Now set bigpicture as the owner for each table. This can be a bit tedious if you have a lot of tables...



-- Make bigpicture user the owner. Do this for each table.
ALTER TABLE YOUR_TABLE_NAME_HERE OWNER to bigpicture;

This may be a little complicated for non-technical users. So feel free to email us at support@bigpicture.io if you need help.

Sync schedule

Currently data is synced once an hour. Let us know if you need a custom schedule.

Distribution key

The id column is the common distribution key used across all tables. If sending external data that already has a unique id (like Zendesk) then we will use that as the id. Otherwise, we will create a unique hash to avoid duplicate rows from being inserted.

Reserved words

Redshift limits the use of reserved words in schema, table, and column names. We mitigate this by wrapping all names in quotations within queries, but you should still be careful to avoid conflicts.

In addition to Redshift reserved words, you should avoid sending data that conflicts with BigPicture.io top level fields (id, userId, messageId, receivedAt, etc.). If your traits or properties conflict with BigPicture.io fields, we will prepend a _ to the name.

Lastly, Redshift limits the use of integers at the start of names. So we will also prepend a _ for those names.
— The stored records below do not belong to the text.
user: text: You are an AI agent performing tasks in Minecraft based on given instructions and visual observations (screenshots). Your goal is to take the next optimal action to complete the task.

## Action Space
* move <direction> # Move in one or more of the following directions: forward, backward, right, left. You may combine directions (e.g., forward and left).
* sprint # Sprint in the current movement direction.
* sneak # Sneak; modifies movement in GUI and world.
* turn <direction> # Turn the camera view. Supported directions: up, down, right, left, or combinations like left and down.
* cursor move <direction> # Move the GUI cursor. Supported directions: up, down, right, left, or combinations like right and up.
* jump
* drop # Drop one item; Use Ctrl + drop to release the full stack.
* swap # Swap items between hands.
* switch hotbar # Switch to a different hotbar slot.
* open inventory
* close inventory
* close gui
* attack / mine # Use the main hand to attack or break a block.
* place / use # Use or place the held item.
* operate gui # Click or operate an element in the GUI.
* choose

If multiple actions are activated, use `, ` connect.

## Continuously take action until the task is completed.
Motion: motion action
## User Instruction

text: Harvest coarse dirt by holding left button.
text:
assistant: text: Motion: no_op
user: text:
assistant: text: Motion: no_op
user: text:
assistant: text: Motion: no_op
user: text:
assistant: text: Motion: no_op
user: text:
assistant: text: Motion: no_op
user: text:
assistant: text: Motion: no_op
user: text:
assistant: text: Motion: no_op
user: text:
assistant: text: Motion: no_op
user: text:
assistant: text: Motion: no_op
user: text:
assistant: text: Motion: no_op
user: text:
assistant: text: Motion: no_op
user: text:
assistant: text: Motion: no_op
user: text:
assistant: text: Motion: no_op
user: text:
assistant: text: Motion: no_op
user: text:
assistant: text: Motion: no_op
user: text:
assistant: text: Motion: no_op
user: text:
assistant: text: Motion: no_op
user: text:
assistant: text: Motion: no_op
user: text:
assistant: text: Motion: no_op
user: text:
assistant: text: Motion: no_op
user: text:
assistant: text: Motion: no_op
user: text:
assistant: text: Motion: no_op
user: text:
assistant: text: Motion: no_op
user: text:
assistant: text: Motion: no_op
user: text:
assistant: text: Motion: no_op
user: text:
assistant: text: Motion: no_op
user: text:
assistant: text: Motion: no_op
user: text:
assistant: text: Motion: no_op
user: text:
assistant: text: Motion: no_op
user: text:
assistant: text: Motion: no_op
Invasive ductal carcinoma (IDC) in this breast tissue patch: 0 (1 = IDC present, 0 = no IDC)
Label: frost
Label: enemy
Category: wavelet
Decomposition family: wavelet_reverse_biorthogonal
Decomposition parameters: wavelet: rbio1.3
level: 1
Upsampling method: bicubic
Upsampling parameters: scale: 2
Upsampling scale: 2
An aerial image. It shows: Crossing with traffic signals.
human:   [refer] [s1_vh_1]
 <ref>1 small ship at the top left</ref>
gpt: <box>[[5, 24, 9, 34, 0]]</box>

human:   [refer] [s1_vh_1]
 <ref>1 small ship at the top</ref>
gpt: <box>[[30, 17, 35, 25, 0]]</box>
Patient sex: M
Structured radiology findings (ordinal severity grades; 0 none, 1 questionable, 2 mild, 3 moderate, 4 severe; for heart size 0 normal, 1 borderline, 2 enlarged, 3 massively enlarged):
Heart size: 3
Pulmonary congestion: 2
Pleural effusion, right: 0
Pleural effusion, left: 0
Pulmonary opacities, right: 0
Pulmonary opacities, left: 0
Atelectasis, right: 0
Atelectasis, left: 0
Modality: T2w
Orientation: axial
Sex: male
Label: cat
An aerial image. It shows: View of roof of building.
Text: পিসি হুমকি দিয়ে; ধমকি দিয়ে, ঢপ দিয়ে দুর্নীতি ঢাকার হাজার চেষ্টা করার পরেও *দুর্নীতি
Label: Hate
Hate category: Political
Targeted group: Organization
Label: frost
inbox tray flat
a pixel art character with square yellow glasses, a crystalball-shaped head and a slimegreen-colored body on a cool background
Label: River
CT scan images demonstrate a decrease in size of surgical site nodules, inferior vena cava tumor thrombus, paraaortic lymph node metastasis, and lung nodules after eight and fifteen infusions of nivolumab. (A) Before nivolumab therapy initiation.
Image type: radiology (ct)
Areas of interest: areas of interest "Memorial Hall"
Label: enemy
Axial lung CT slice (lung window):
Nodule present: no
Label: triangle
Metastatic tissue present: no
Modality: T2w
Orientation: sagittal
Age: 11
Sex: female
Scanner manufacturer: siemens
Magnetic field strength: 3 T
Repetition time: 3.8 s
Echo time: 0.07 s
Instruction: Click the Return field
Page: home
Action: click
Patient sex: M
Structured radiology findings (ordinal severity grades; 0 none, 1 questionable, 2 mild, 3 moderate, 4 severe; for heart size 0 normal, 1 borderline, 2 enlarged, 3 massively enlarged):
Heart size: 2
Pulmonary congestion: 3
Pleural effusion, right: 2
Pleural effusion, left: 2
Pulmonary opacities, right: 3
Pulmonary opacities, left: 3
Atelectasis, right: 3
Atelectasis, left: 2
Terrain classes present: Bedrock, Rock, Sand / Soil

For example, if you send a property named 5guys, we will modify it to _5guys before loading it into Redshift.

Technical details

Data loading

Our system first batches data on S3 then leverages the COPY command to load data as quickly as possible.

If a table or column doesn't exist, we will lock the table and update it.

When we process a batch and discover a new column, we will use the first instance of the data and use that as the column datatype.

Handling existing columns

When we process a batch and find an existing column datatype that doesn't match the datatype you're sending, we will first try to convert the incoming data.

For example, you previously sent price: 99, where 99 is a number. Then later on you send price: "99", where "99" is a string. Our system will attempt to convert the string to a number.

If the data cannot be converted to the datatype of the existing column, we will drop that data to avoid having the whole batch load fail. For this reason, we highly recommend creating a detailed tracking plan to avoid conflicts and changing datatypes.

Security

Your VPC enables you to block traffic from the internet and selectively whitelist IPs. For this integration, you whitelist the BigPicture.io IPs so that our servers can access your cluster.

Additionally, by creating a unique user to access your cluster, you can isolate queries and audit access.

Column sizing

We set the default string column length limit to 512 characters. Longer strings are truncated. This decision is based on general industry standards.